Slow running queries are automatically logged to the Server Logs with an Info trace level. These lines will look something like

2016-11-17 00:31:39.8557    285  INFO  Reader took 309ms (1ms until the first record): SELECT * FROM dbo.[Project] ORDER BY Id

By updating your server logging to verbose, further information will be recorded if a large number of concurrent transactions appear to be active at any one time.
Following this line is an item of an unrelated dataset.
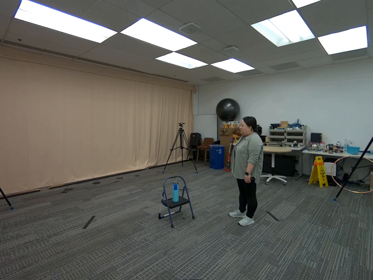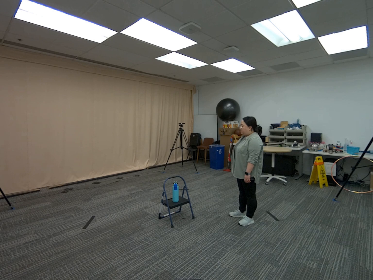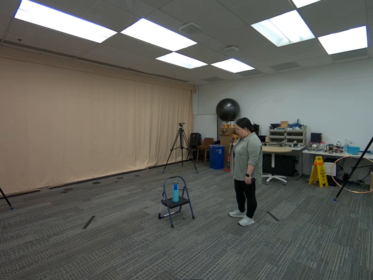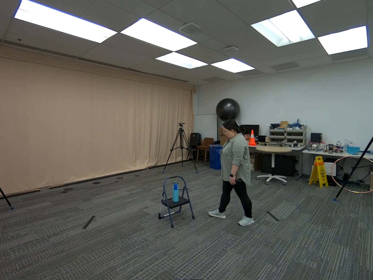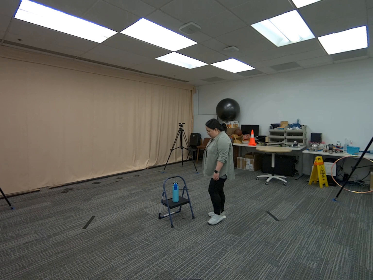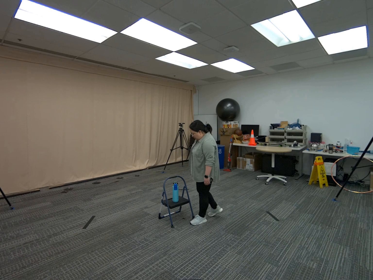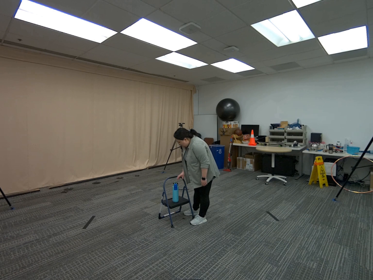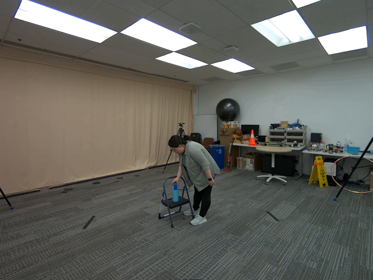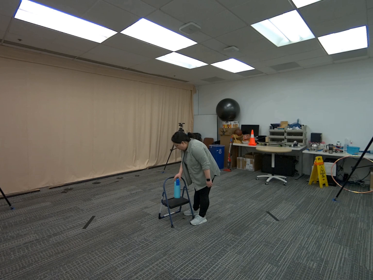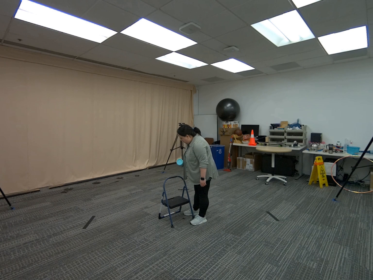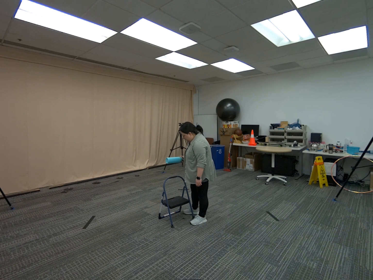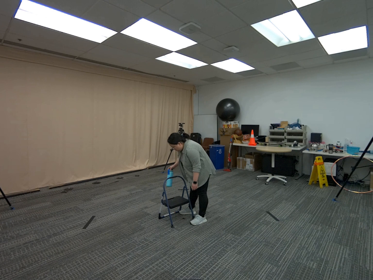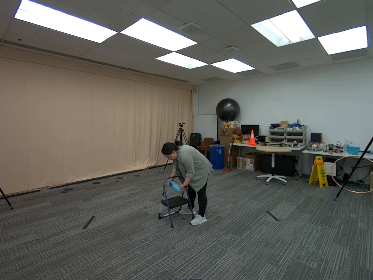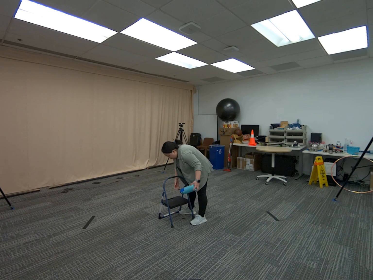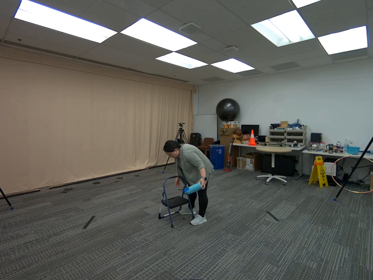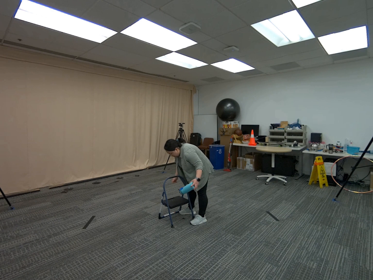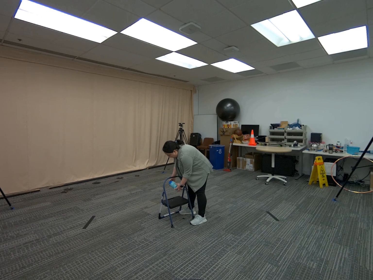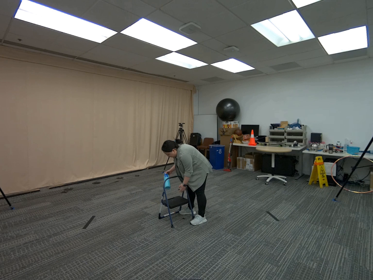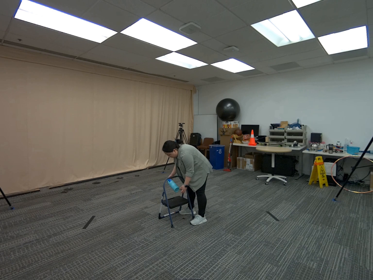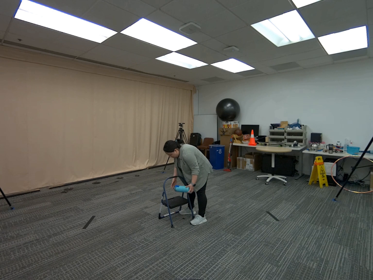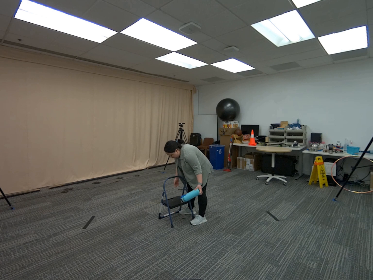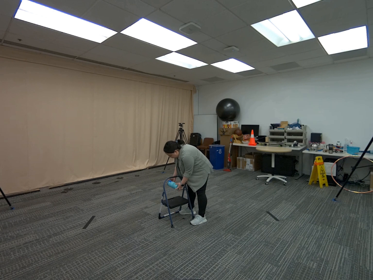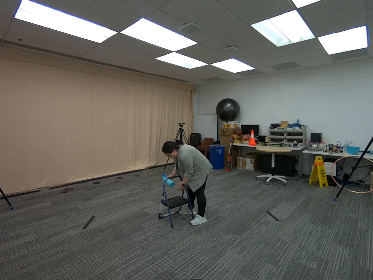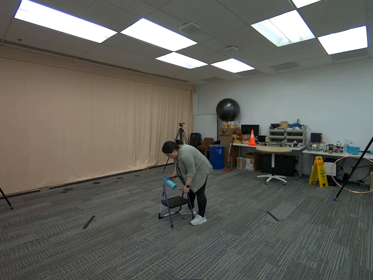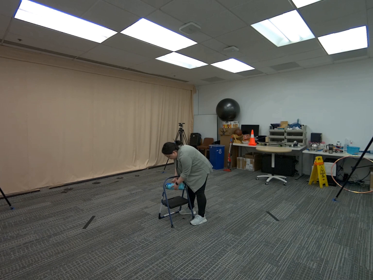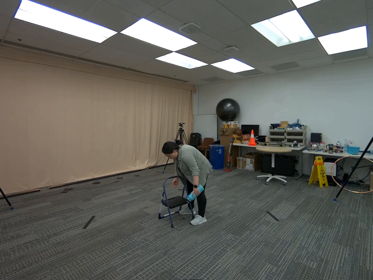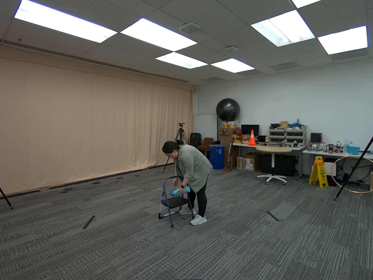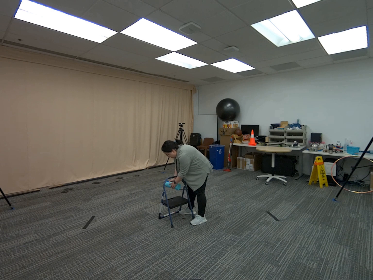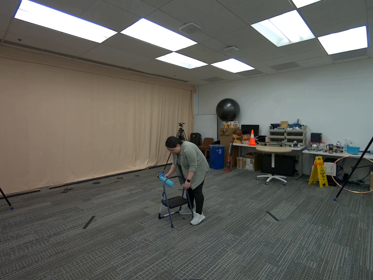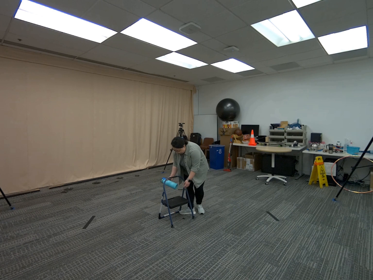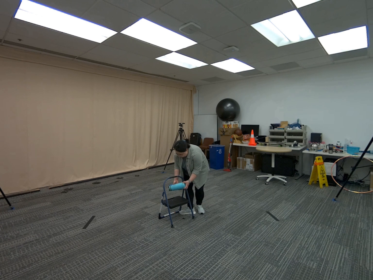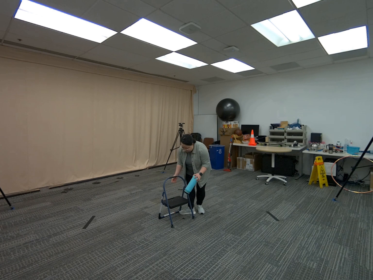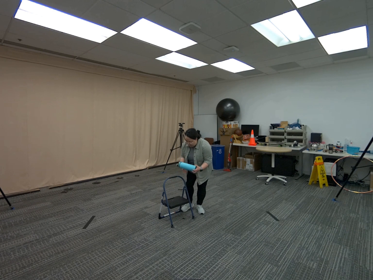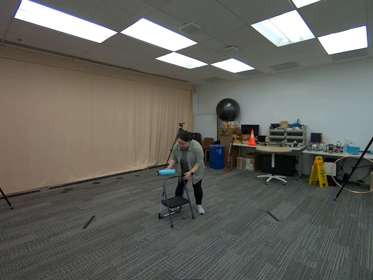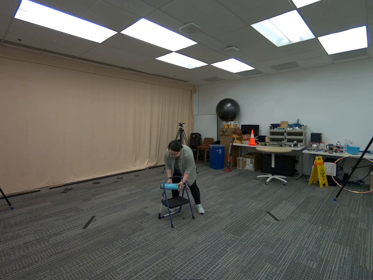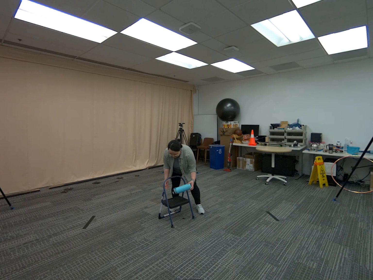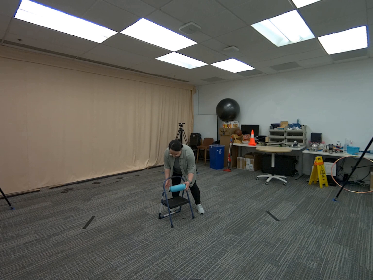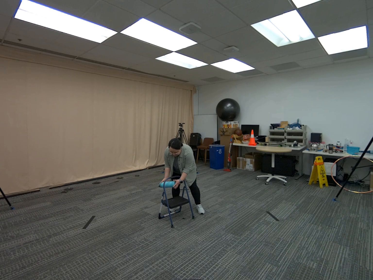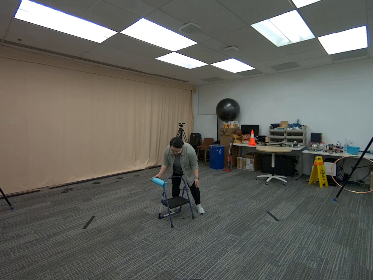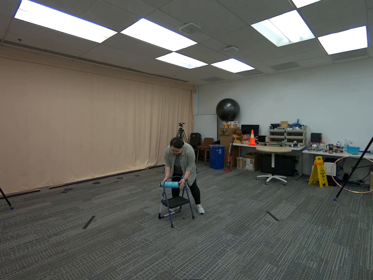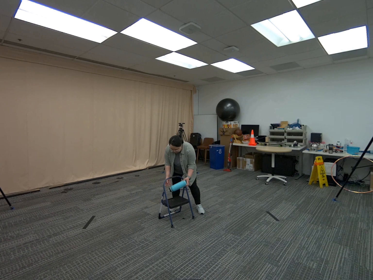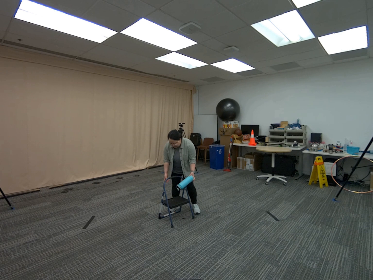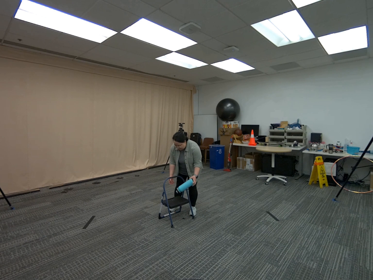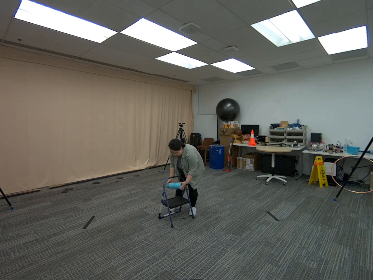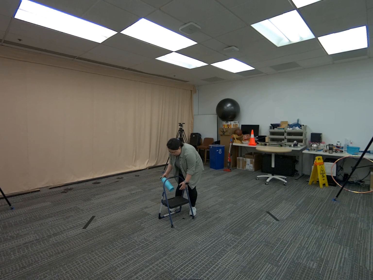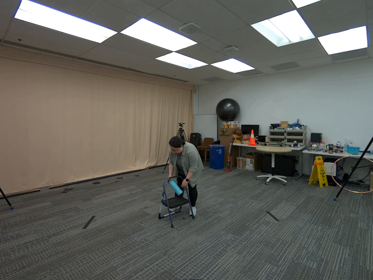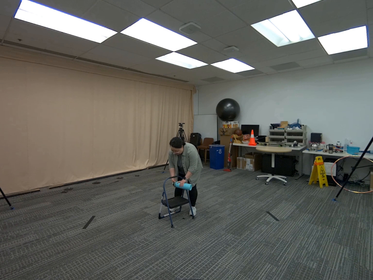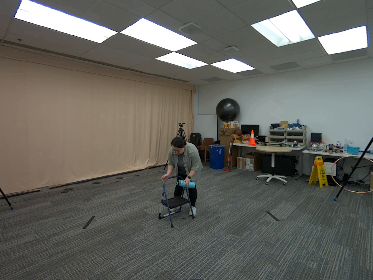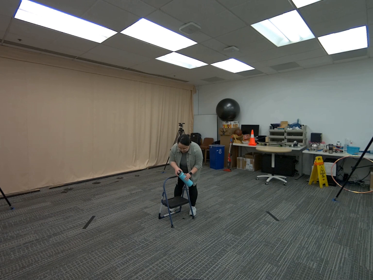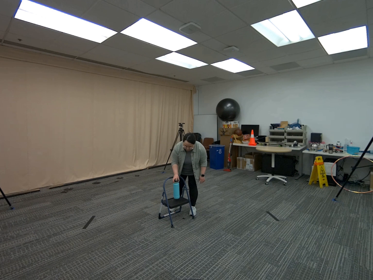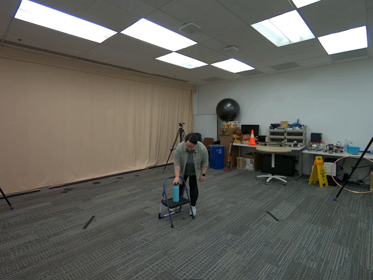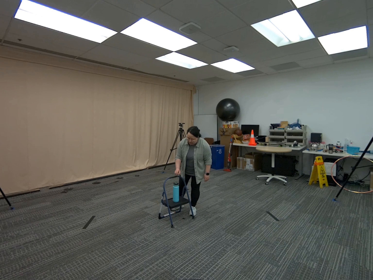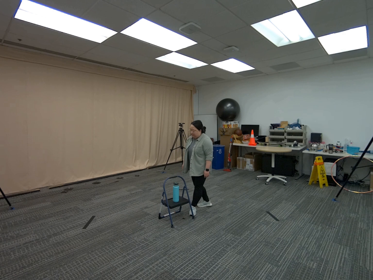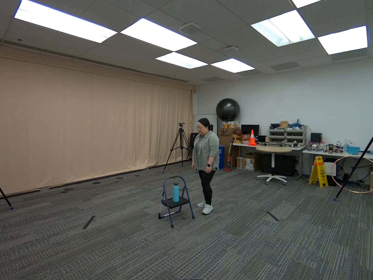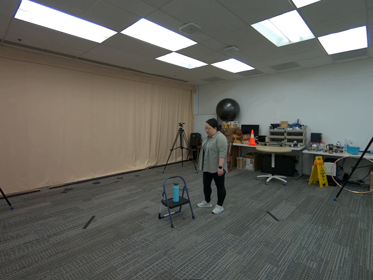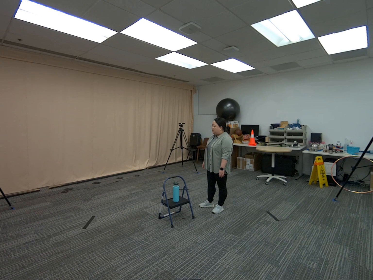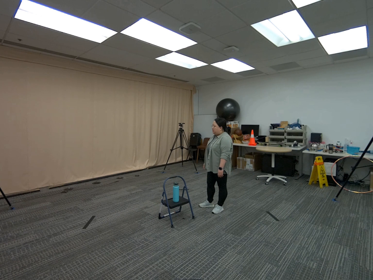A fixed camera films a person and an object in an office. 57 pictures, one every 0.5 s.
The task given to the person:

2016-08-18 23:59:50.5834   2266  INFO  There are a high number of transactions active. The below information may help the Octopus team diagnose the problem:
Now: 2016-08-18T23:59:50

Transaction with 0 commands started at 2016-08-16T18:38:38 (192,072.09 seconds ago)
Transaction with 0 commands started at 2016-08-16T18:38:38 (192,072.07 seconds ago)

Providing these logs in your support ticket that correlate to the times that you noticed the performance problems will further help us to diagnose what could be improved.

Improvements going forward

Providing as much information as possible regarding what actions you are performing to the server, along with the subsequent requests that the server is making, will best help us to further improve the performance of Octopus for all users. While we can't guarantee that we will be able to squeeze improvements out of every situation, every bit helps. We do also have an outstanding GitHub ticket #2673 that may help us avoid the upgrade problems described above that occur when custom indexes exist. Once this is in place we will be more likely to recommend custom schema changes that suit your particular needs.